Why would you switch, and why might you stay on Anthropic?

The case for switching is pricing structure and context window. A flat $18/month Lite subscription⁴ against a budget of roughly 400 prompts per week is straightforward for a solo developer doing bounded coding sessions. The 1M-token window¹ lets full-repository context pass in a single call, which Anthropic’s current per-token pricing makes expensive for large-context workloads.

The case for staying on Anthropic is benchmark verification and tooling maturity. Claude Opus 4.8 leads GLM-5.2 by four points on Terminal-Bench 2.1.¹ The Anthropic ecosystem, extended thinking, tool-use schemas, computer-use, has years of production validation. Claude Code and Cline configurations against Anthropic endpoints are well-documented and stable. GLM-5.2 is a June 2026 release; the integration surface for the eight listed agents⁴ will accumulate edge cases over the next few weeks that are not yet documented.

A reasonable migration path is parallel: keep the Anthropic key active, add Z.ai as a second provider in whichever agent you use, and run a two-week comparison on representative tasks before switching the primary model. The Anthropic-compatible endpoint⁶ makes that comparison low-friction. The flat-tier pricing⁴ makes the two-week trial period cost-bounded.

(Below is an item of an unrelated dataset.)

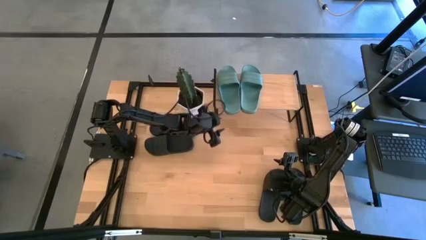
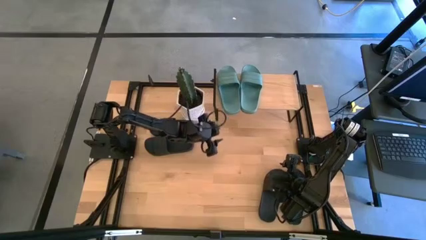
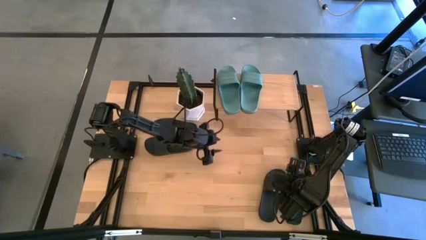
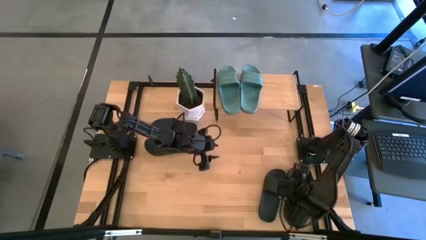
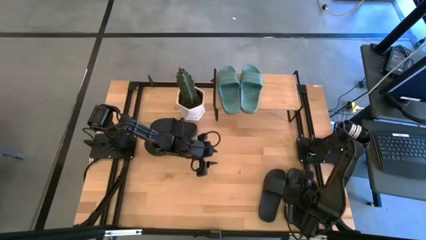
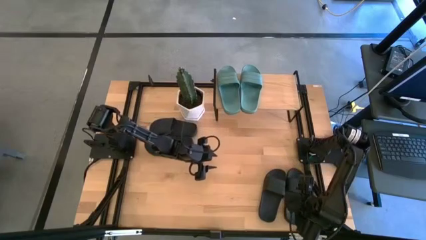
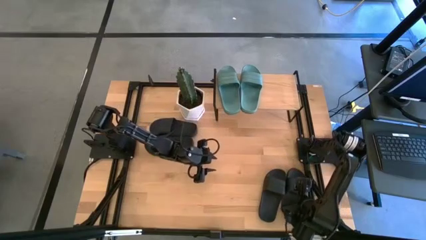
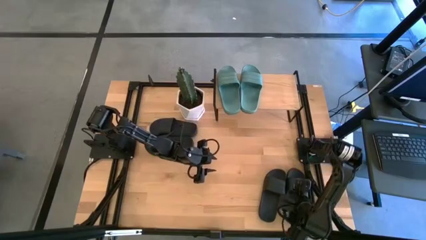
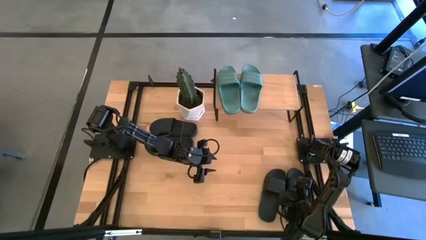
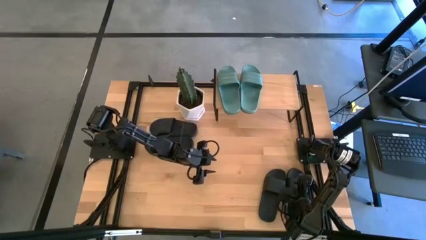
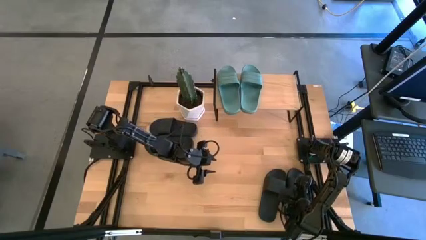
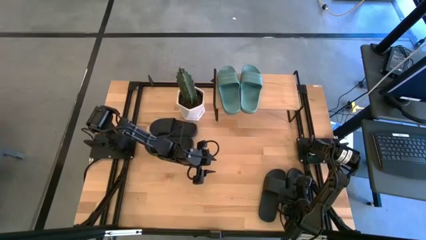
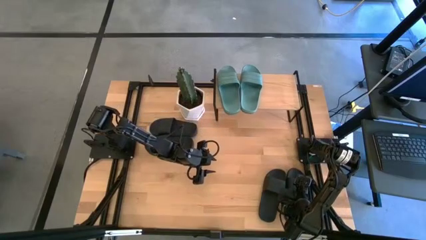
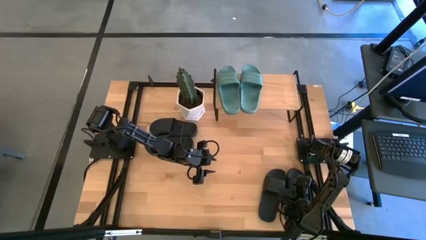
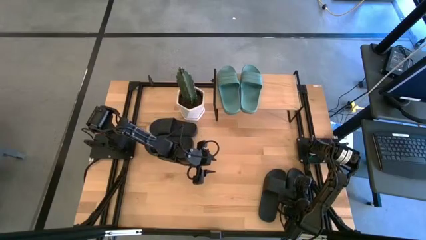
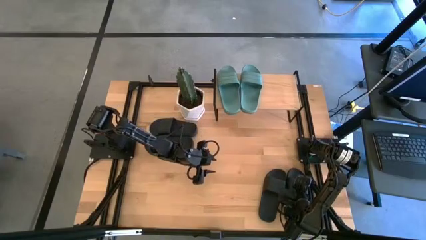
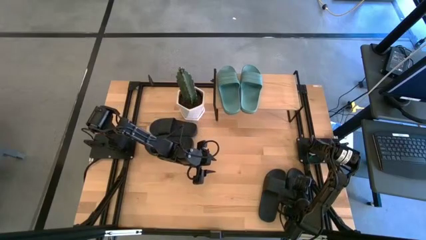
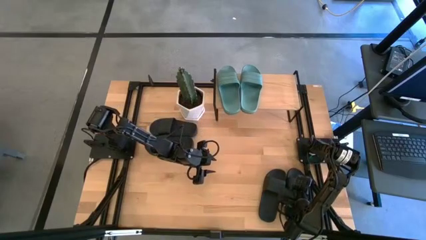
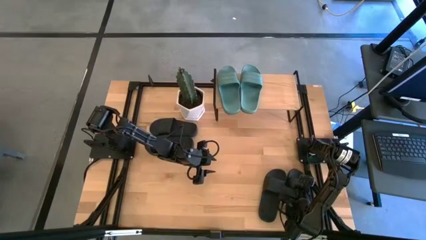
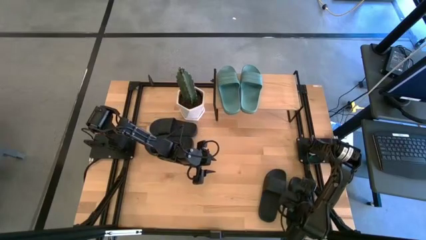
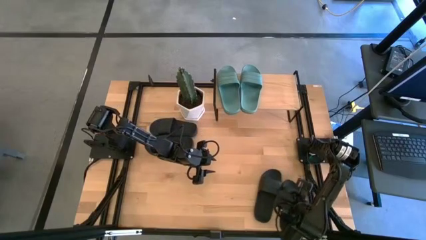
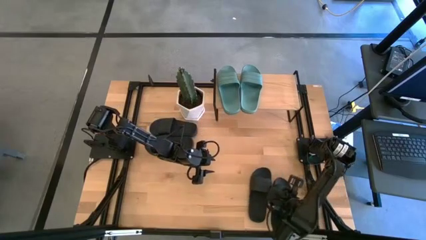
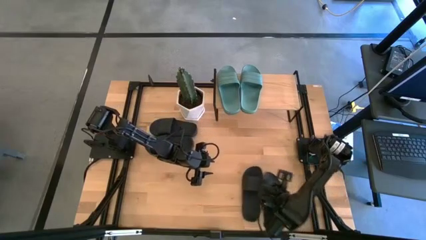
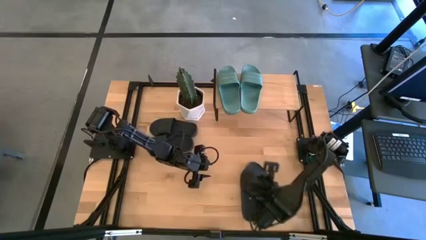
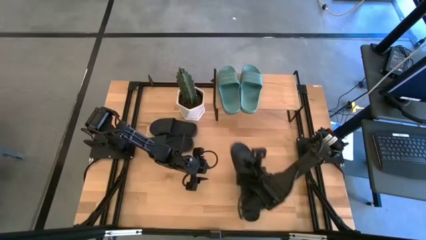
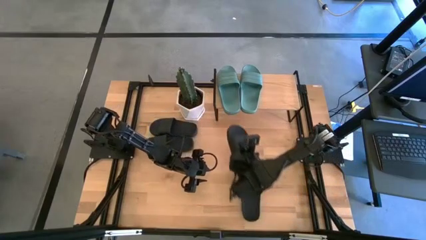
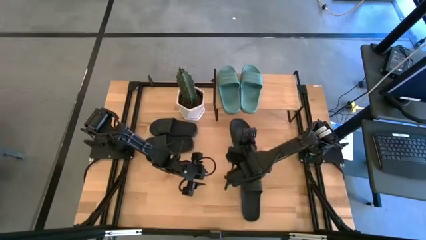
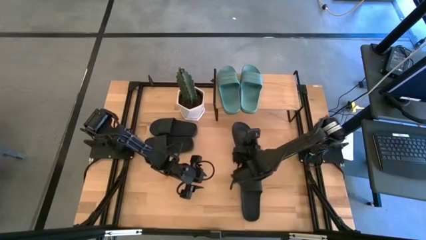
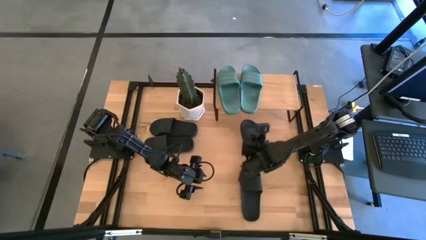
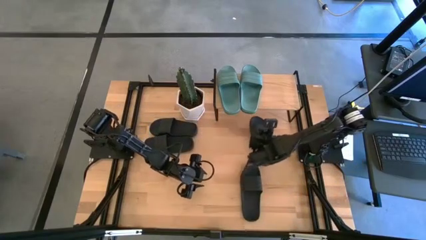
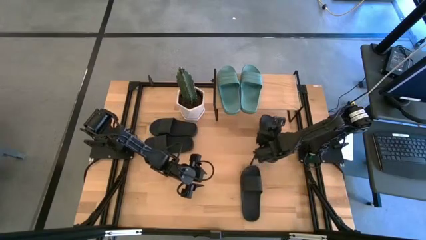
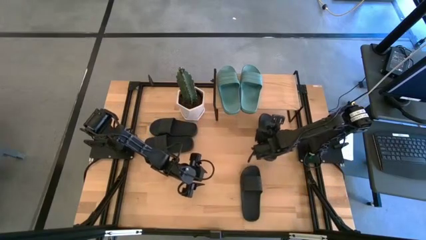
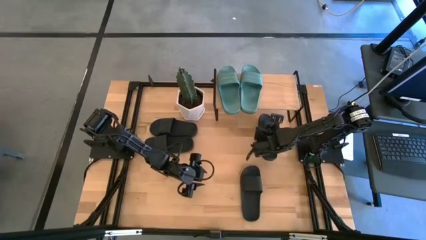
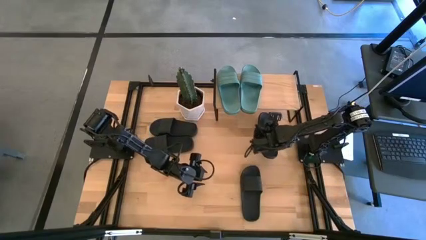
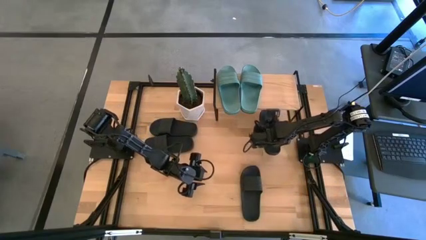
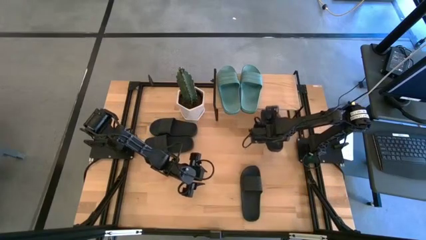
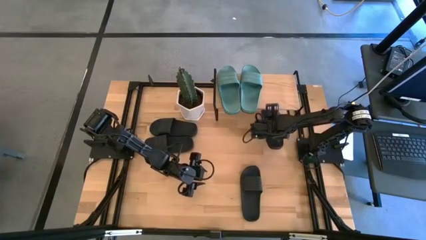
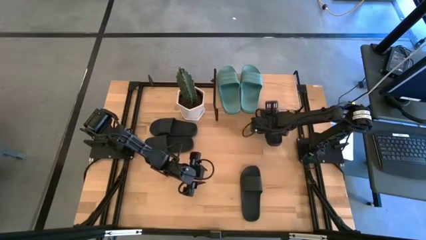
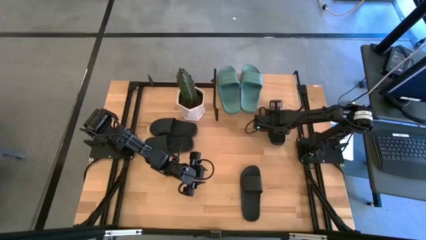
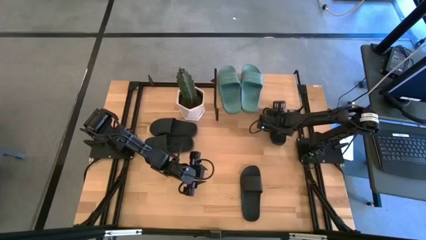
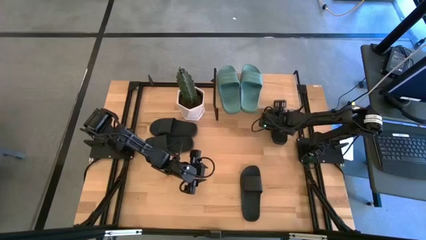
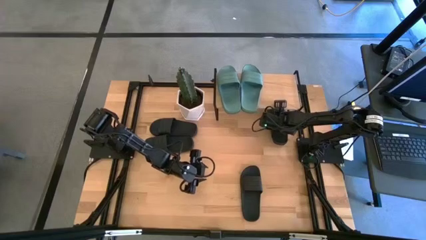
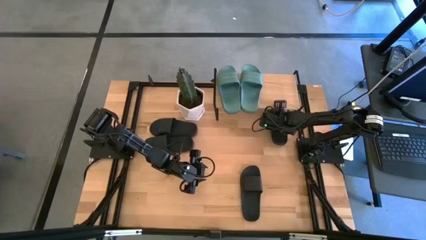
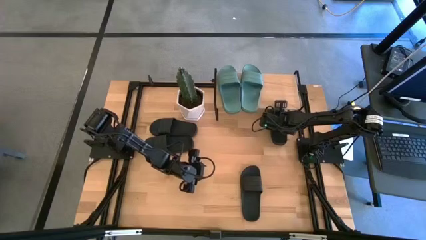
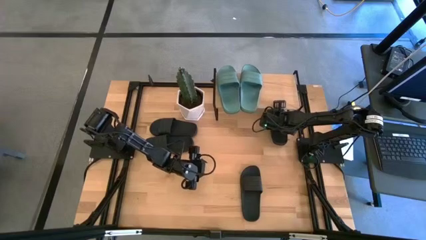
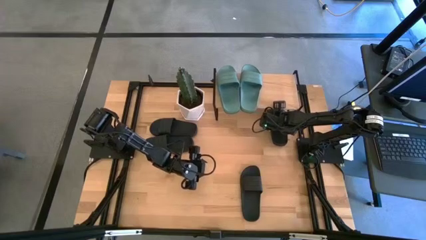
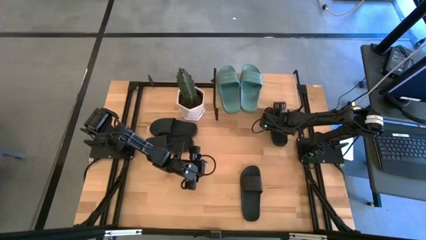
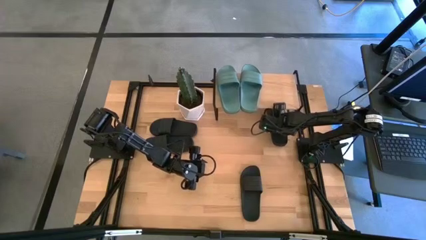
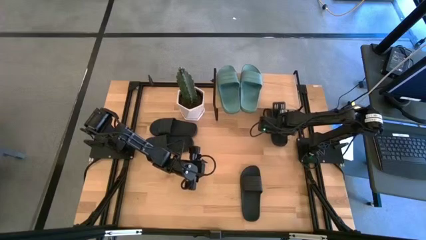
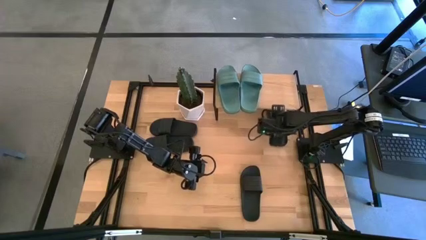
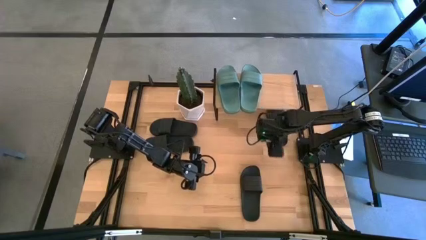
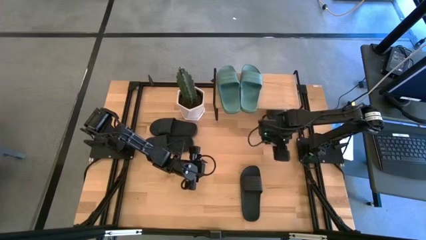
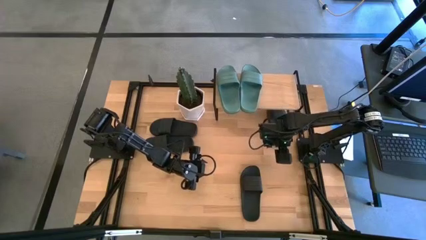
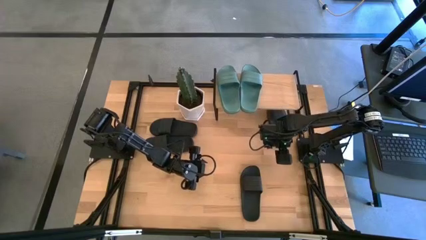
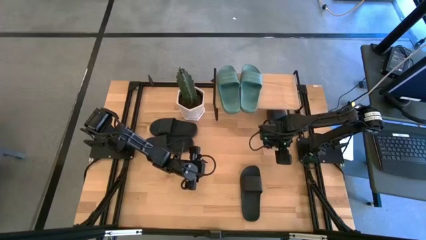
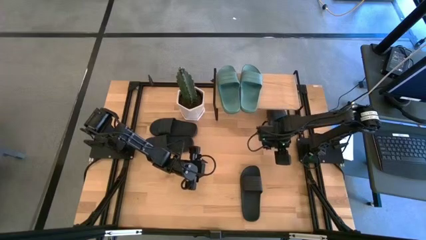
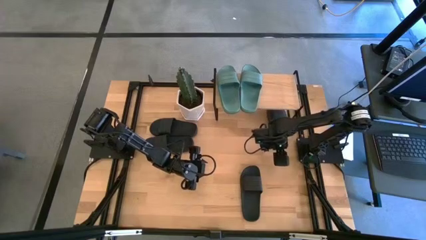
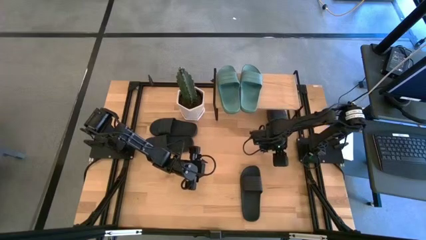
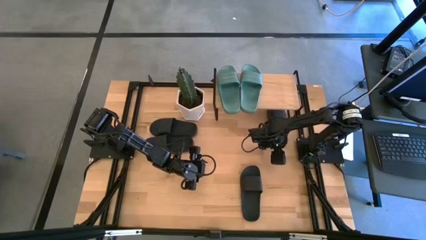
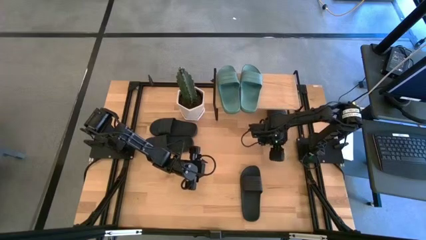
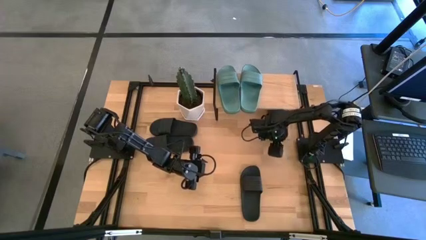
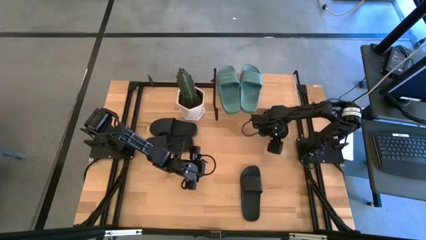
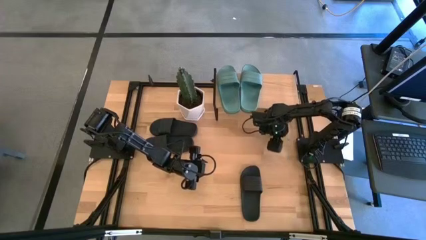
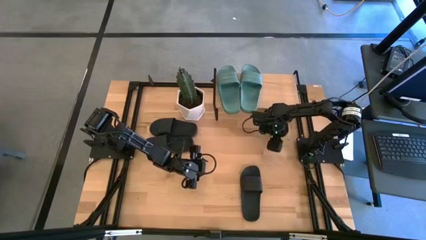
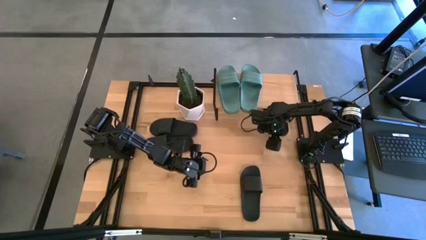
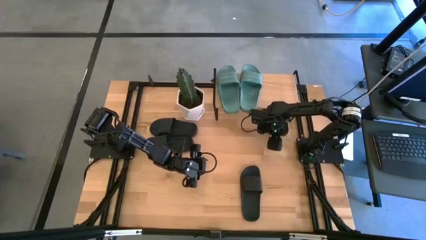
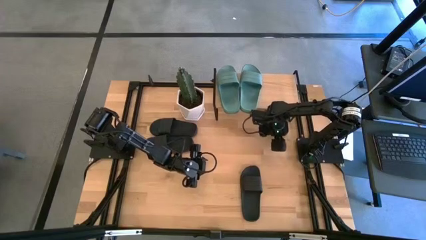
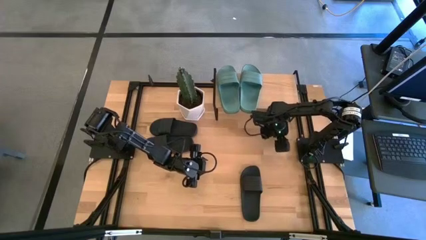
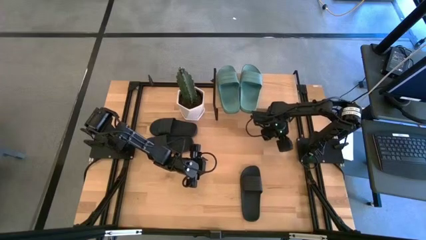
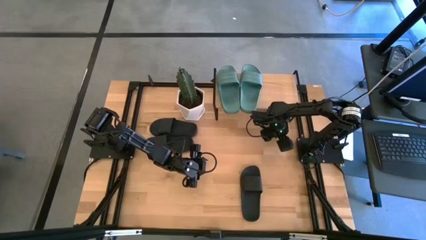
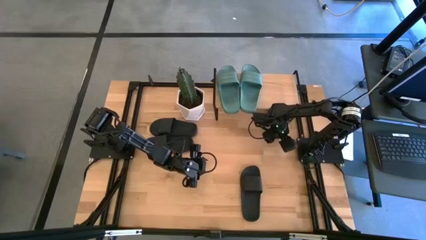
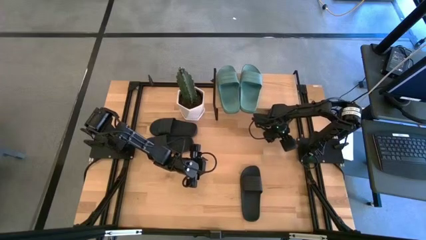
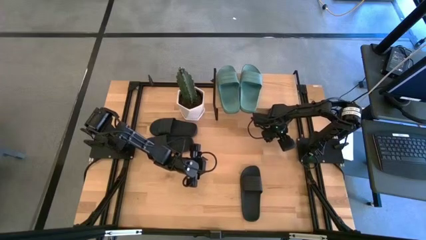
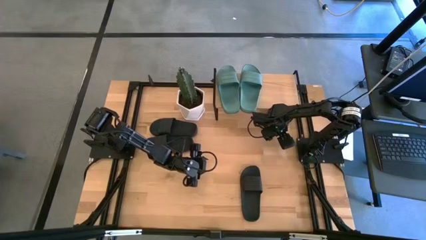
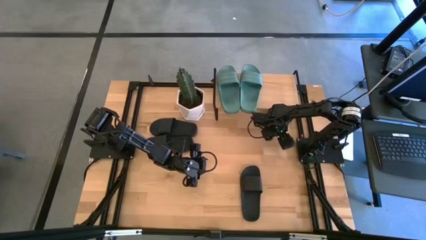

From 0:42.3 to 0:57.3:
Task: Pick and place slides into the shelf
Put the black slipper under the shelf

Frequently Asked Questions

Does switching to GLM-5.2 require changing the agent’s SDK?

No. Z.ai’s endpoint is Anthropic Messages API-compatible,⁶ so agents using the standard Anthropic client library swap over with a base URL and model-name change. No new SDK dependency is required.

Is the 1M-token context available on all Z.ai subscription tiers?

The 1,000,000-token context window is a model-level property of GLM-5.2¹ accessible via the glm-5.2[1m] model identifier.³ All three subscription tiers (Lite, Pro, Max)⁴ route to the same model. The difference between tiers is weekly prompt volume, not context size.

Can I self-host GLM-5.2 instead of paying the Z.ai subscription?

MIT-licensed weights are publicly available at BF16² and FP8² precision. Supported deployment frameworks are SGLang, vLLM, Transformers, and KTransformers.¹ Self-hosting removes the per-tier subscription cost, but running a 753B-parameter model requires substantial GPU or NPU capacity. The FP8 variant is the practical path for teams that do not have enough VRAM for BF16.

What is the parameter count: 744B or 753B?

Zhipu’s own HuggingFace model cards state 753B.² The 744B figure was a community-circulated estimate that predated the official weight release. Use 753B when citing the model in documentation or architecture reviews.